This patch adds support for seccomp mode 2.  This mode enables dynamic
enforcement of system call filtering policy in the kernel as specified
by a userland task.  The policy is expressed in terms of a BPF program,
as is used for userland-exposed socket filtering.  Instead of network
data, the BPF program is evaluated over struct user_regs_struct at the
time of the system call (as retrieved using regviews).

A filter program may be installed by a userland task by calling
  prctl(PR_ATTACH_SECCOMP_FILTER, &fprog);
where fprog is of type struct sock_fprog.

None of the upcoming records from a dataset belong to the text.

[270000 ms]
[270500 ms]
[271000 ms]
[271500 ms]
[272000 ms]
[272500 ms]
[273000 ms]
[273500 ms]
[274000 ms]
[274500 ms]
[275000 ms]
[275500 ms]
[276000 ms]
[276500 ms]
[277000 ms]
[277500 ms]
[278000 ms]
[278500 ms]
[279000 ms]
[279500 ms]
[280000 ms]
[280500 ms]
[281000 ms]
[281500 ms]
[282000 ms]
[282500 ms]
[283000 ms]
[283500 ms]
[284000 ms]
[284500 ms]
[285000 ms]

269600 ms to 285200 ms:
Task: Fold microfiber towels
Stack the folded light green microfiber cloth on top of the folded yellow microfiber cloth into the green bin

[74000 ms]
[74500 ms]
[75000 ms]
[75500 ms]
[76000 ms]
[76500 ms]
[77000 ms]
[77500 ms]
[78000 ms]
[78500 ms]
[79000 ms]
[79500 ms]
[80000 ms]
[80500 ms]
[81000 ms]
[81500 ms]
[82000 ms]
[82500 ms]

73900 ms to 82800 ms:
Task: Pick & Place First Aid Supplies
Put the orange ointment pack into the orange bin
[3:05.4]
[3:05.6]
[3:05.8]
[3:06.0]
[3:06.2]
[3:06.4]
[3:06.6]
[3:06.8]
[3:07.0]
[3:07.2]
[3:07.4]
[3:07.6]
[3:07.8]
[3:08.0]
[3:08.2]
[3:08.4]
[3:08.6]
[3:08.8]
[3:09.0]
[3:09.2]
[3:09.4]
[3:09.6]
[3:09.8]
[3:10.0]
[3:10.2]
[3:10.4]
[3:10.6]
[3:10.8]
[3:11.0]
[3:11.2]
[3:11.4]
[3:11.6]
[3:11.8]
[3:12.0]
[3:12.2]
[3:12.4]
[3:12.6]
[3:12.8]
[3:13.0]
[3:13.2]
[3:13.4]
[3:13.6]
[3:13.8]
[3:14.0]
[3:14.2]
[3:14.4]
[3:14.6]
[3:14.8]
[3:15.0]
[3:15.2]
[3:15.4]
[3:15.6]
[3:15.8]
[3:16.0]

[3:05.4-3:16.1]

If the first filter program allows subsequent prctl(2) calls, then
additional filter programs may be attached.  All attached programs
must be evaluated before a system call will be allowed to proceed.

To avoid CONFIG_COMPAT related landmines, once a filter program is
installed using specific is_compat_task() and current->personality, it
is not allowed to make system calls or attach additional filters which
use a different combination of is_compat_task() and
current->personality.

Filter programs are inherited across fork, clone, and execve, but if a
filter is attached by an unprivileged process (!CAP_SYS_ADMIN), the
"always unprivileged" process bit will be set.  This ensures that
unprivileged processes may not enact unexpected system call filters on
processes that are run as different users or with different capabilities
unless the process already had that ability.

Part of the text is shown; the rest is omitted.